Event data aggregator using Django REST framework/Celery/Redis.
- Python
- Docker
Clone and launch:
git clone [email protected]:kylepw/the-eye.git && \ cd the-eye && docker-compose up --build
Stop app and start again:
^C docker-compose up
List events:
curl -H 'Accept: application/json; indent=4' http://127.0.0.1:8000/events/
Check specific event:
curl -H 'Accept: application/json; indent=4' http://127.0.0.1:8000/events/3/
Send event:
curl -X POST http://127.0.0.1:8000/events/ \ -H 'Content-Type: application/json' \ -d @- << EOF { "session_id": "e2085be5-9137-4e4e-80b5-f1ffddc25423", "category": "click", "name": "pageview", "data": { "host": "www.consumeraffairs.com", "path": "/" }, "timestamp": "2021-01-01 09:15:29.243860" } EOF
Query a session, category, or timestamp range:
curl -H 'Accept: application/json; indent=4' http://127.0.0.1:8000/events/?session_id=e2085be5-9137-4e4e-80b5-f1ffddc25423 curl -H 'Accept: application/json; indent=4' http://127.0.0.1:8000/events/?category=form%20interaction curl -H 'Accept: application/json; indent=4' http://127.0.0.1:8000/events/?timestamp_before=2021-05-20 curl -H 'Accept: application/json; indent=4' http://127.0.0.1:8000/events/?timestamp_after=2021-06-01
Run tests (from top of repo after running docker-compose up --build):
docker-compose exec web /code/manage.py test
I decided to use one model as opposed to multiple (ex. Event, Session, etc.) because relationships and joins seemed overkill given the standardized structure of the event payloads and query requirements.
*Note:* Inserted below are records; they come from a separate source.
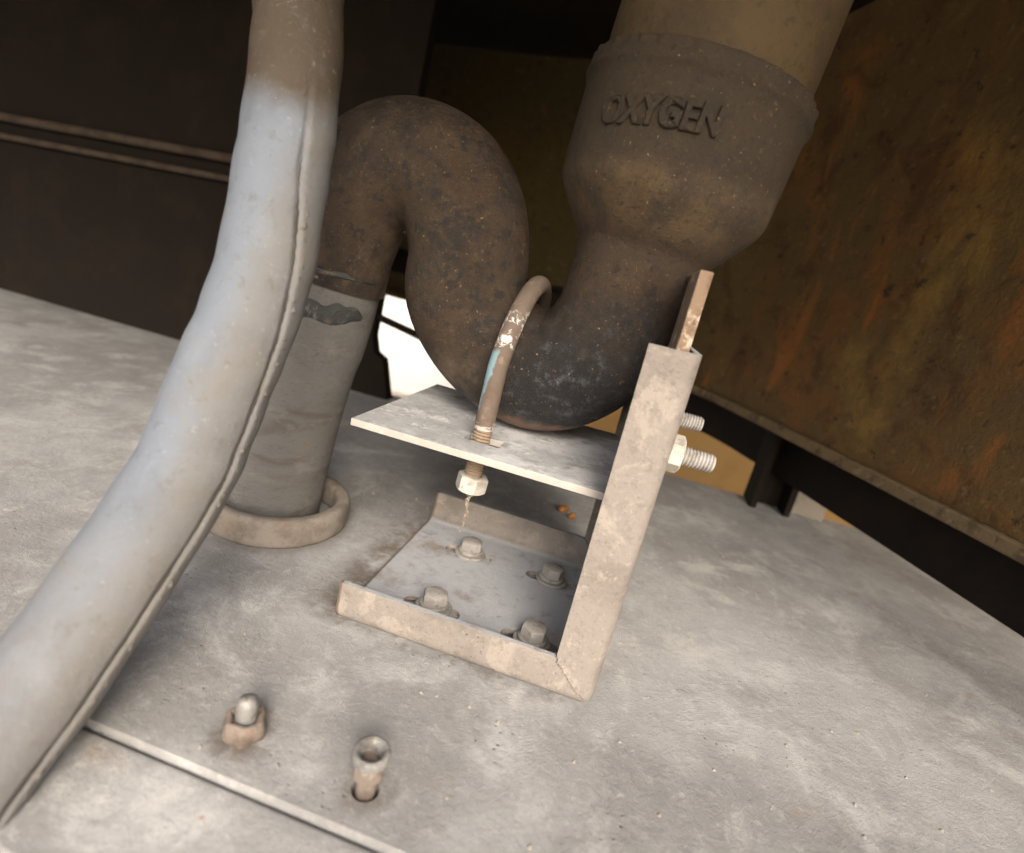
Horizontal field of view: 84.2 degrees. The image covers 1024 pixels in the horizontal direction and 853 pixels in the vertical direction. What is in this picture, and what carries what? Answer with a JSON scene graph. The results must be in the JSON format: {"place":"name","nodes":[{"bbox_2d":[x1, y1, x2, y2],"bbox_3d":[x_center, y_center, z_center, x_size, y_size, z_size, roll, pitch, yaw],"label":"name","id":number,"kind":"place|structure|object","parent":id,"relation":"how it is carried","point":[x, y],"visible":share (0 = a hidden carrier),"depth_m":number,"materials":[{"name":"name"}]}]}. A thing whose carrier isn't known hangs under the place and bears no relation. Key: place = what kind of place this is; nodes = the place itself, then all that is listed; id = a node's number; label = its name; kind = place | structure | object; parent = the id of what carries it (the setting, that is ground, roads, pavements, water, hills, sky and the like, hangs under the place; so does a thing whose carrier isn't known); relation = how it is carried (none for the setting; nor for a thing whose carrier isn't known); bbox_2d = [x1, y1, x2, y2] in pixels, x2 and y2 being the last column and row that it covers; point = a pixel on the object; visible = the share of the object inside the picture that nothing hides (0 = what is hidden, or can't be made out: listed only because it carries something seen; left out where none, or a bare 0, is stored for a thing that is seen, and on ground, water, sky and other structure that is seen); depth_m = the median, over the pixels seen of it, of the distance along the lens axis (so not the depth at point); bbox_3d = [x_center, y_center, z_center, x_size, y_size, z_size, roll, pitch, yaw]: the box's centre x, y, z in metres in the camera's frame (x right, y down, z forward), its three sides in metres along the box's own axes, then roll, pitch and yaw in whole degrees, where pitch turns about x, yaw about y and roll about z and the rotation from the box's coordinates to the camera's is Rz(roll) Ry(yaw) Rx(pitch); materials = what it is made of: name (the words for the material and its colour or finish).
{"place":"outdoors","nodes":[
{"label":"outdoors","id":0,"kind":"place"},
{"bbox_2d":[391,390,407,397],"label":"ground","id":1,"kind":"structure","parent":0,"point":[398,394],"depth_m":3.69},
{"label":"deck skirt","id":2,"kind":"structure","parent":1,"relation":"on","visible":0},
{"bbox_2d":[0,0,343,829],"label":"rubber hose","id":3,"kind":"object","parent":2,"relation":"on","point":[76,630],"visible":1,"depth_m":0.23,"materials":[{"name":"grey rubber"}]},
{"bbox_2d":[0,728,372,852],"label":"floor panel","id":4,"kind":"object","parent":2,"relation":"on","point":[94,793],"depth_m":0.21,"materials":[{"name":"grey metal"}]},
{"bbox_2d":[0,288,1023,852],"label":"deck","id":5,"kind":"structure","parent":2,"relation":"on","point":[78,394],"depth_m":0.32,"materials":[{"name":"grey metal"}]},
{"bbox_2d":[0,0,442,399],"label":"wall","id":6,"kind":"structure","parent":5,"relation":"on","point":[132,245],"depth_m":0.80,"materials":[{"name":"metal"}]},
{"bbox_2d":[0,132,228,181],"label":"conduit","id":7,"kind":"object","parent":6,"relation":"attached to","point":[124,159],"visible":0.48,"depth_m":0.79,"materials":[{"name":"brown metal"}]},
{"bbox_2d":[0,112,232,162],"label":"conduit","id":8,"kind":"object","parent":6,"relation":"attached to","point":[126,139],"visible":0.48,"depth_m":0.78,"materials":[{"name":"brown metal"}]},
{"bbox_2d":[377,313,418,339],"bbox_3d":[-0.083,-0.103,0.770,0.282,0.059,0.010,16,15,9],"label":"steel bar","id":9,"kind":"object","parent":6,"relation":"attached to","point":[403,328],"depth_m":0.78,"materials":[{"name":"black metal"}]},
{"bbox_2d":[222,693,266,749],"bbox_3d":[-0.111,0.121,0.237,0.018,0.018,0.017,16,15,9],"label":"stud bolt","id":10,"kind":"object","parent":5,"relation":"on","point":[244,722],"visible":1,"depth_m":0.23,"materials":[{"name":"beige metal"}]},
{"bbox_2d":[211,476,349,548],"bbox_3d":[-0.173,0.056,0.417,0.103,0.021,0.103,16,15,9],"label":"pipe collar","id":11,"kind":"object","parent":5,"relation":"on","point":[231,524],"visible":0.48,"depth_m":0.38,"materials":[{"name":"beige metal"}]},
{"bbox_2d":[351,735,390,801],"bbox_3d":[-0.059,0.144,0.228,0.015,0.036,0.015,16,15,9],"label":"cap bolt","id":12,"kind":"object","parent":5,"relation":"on","point":[371,755],"visible":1,"depth_m":0.22,"materials":[{"name":"beige metal"}]},
{"bbox_2d":[6,408,1013,850],"bbox_3d":[0.050,0.113,0.446,0.650,0.001,0.499,16,15,9],"label":"grit","id":13,"kind":"object","parent":5,"relation":"on","point":[200,746],"visible":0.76,"depth_m":0.30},
{"bbox_2d":[335,270,715,701],"bbox_3d":[0.019,0.007,0.357,0.200,0.230,0.163,16,15,9],"label":"pipe bracket","id":14,"kind":"object","parent":5,"relation":"on","point":[618,475],"visible":0.99,"depth_m":0.32,"materials":[{"name":"metal"}]},
{"bbox_2d":[415,586,451,615],"bbox_3d":[-0.048,0.108,0.349,0.023,0.014,0.023,11,15,-10],"label":"hex bolt","id":15,"kind":"object","parent":14,"relation":"attached to","point":[434,598],"visible":0.9,"depth_m":0.34,"materials":[{"name":"grey metal"}]},
{"bbox_2d":[455,536,484,561],"bbox_3d":[-0.031,0.092,0.424,0.023,0.014,0.023,14,15,1],"label":"hex bolt","id":16,"kind":"object","parent":14,"relation":"attached to","point":[469,548],"visible":1,"depth_m":0.42,"materials":[{"name":"grey metal"}]},
{"bbox_2d":[456,276,551,495],"bbox_3d":[0.000,-0.034,0.373,0.020,0.132,0.117,16,15,9],"label":"bolt","id":17,"kind":"object","parent":14,"relation":"attached to","point":[472,479],"visible":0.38,"depth_m":0.33,"materials":[{"name":"paint"}]},
{"bbox_2d":[459,495,472,531],"bbox_3d":[-0.028,0.051,0.343,0.005,0.029,0.004,16,15,9],"label":"twine","id":18,"kind":"object","parent":17,"relation":"hanging from","point":[467,505],"visible":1,"depth_m":0.34,"materials":[{"name":"beige fabric"}]},
{"bbox_2d":[513,619,549,650],"bbox_3d":[0.012,0.125,0.339,0.023,0.014,0.023,-1,20,-43],"label":"hex bolt","id":19,"kind":"object","parent":14,"relation":"attached to","point":[532,632],"visible":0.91,"depth_m":0.33,"materials":[{"name":"grey metal"}]},
{"bbox_2d":[226,0,853,516],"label":"oxygen pipe","id":20,"kind":"object","parent":14,"relation":"attached to","point":[692,132],"visible":0.88,"depth_m":0.32,"materials":[{"name":"metal"}]},
{"bbox_2d":[536,562,566,588],"bbox_3d":[0.029,0.109,0.415,0.023,0.014,0.023,5,17,-30],"label":"hex bolt","id":21,"kind":"object","parent":14,"relation":"attached to","point":[550,575],"visible":1,"depth_m":0.41,"materials":[{"name":"grey metal"}]},
{"bbox_2d":[743,430,798,517],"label":"support column","id":22,"kind":"structure","parent":5,"relation":"on","point":[765,485],"depth_m":0.72,"materials":[{"name":"metal"}]},
{"bbox_2d":[791,492,826,521],"bbox_3d":[0.397,0.020,0.707,0.046,0.200,0.015,16,15,9],"label":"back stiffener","id":23,"kind":"object","parent":5,"relation":"on","point":[805,506],"visible":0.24,"depth_m":0.72,"materials":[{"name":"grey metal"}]},
{"bbox_2d":[379,295,454,394],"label":"white wall","id":24,"kind":"structure","parent":0,"point":[413,369],"depth_m":3.68,"materials":[{"name":"white paint"}]},
{"bbox_2d":[557,504,569,512],"bbox_3d":[0.050,0.081,0.555,0.013,0.008,0.012,16,15,9],"label":"husk","id":25,"kind":"object","parent":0,"point":[563,508],"visible":1,"depth_m":0.55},
{"bbox_2d":[568,512,575,519],"bbox_3d":[0.058,0.086,0.543,0.008,0.008,0.008,16,15,9],"label":"husk","id":26,"kind":"object","parent":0,"point":[571,515],"visible":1,"depth_m":0.54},
{"bbox_2d":[585,406,854,527],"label":"ochre wall","id":27,"kind":"structure","parent":0,"point":[732,470],"depth_m":1.83,"materials":[{"name":"paint"}]},
{"bbox_3d":[0.266,-0.502,0.532,8.000,0.012,1.690,16,15,9],"label":"overhead plate","id":28,"kind":"object","parent":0,"visible":0},
{"bbox_2d":[386,0,1023,636],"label":"tank shell","id":29,"kind":"object","parent":28,"relation":"attached to","point":[858,342],"visible":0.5,"depth_m":0.57,"materials":[{"name":"metal"}]},
{"bbox_2d":[391,248,563,307],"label":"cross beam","id":30,"kind":"structure","parent":29,"relation":"attached to","point":[399,262],"depth_m":0.91,"materials":[{"name":"metal"}]}
]}

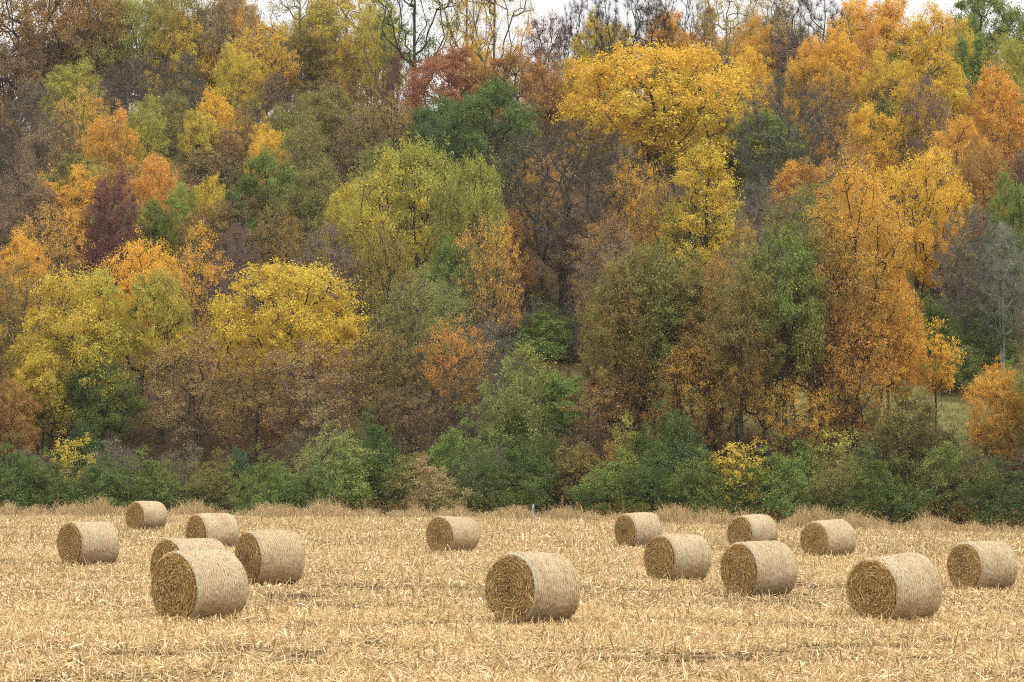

I utilized Celery/Redis to run a pseudo task asynchronously on event retrieve and create requests to the API to tackle the "~100 events/second" and "make sure to not leave them hanging" constraints.
The specific time range query was interesting. To do this, I employed django-filter to allow range queries on the timestamp field. I chose an ISO8601 format over a more general date/time format given the examples and the fact that requests could be coming from places in different timezones.
I assumed that although events could share a timestamp or session_id value, there shouldn't be multiple events with ALL the same values, so I tackled this with a unique_together property set to all fields in the model.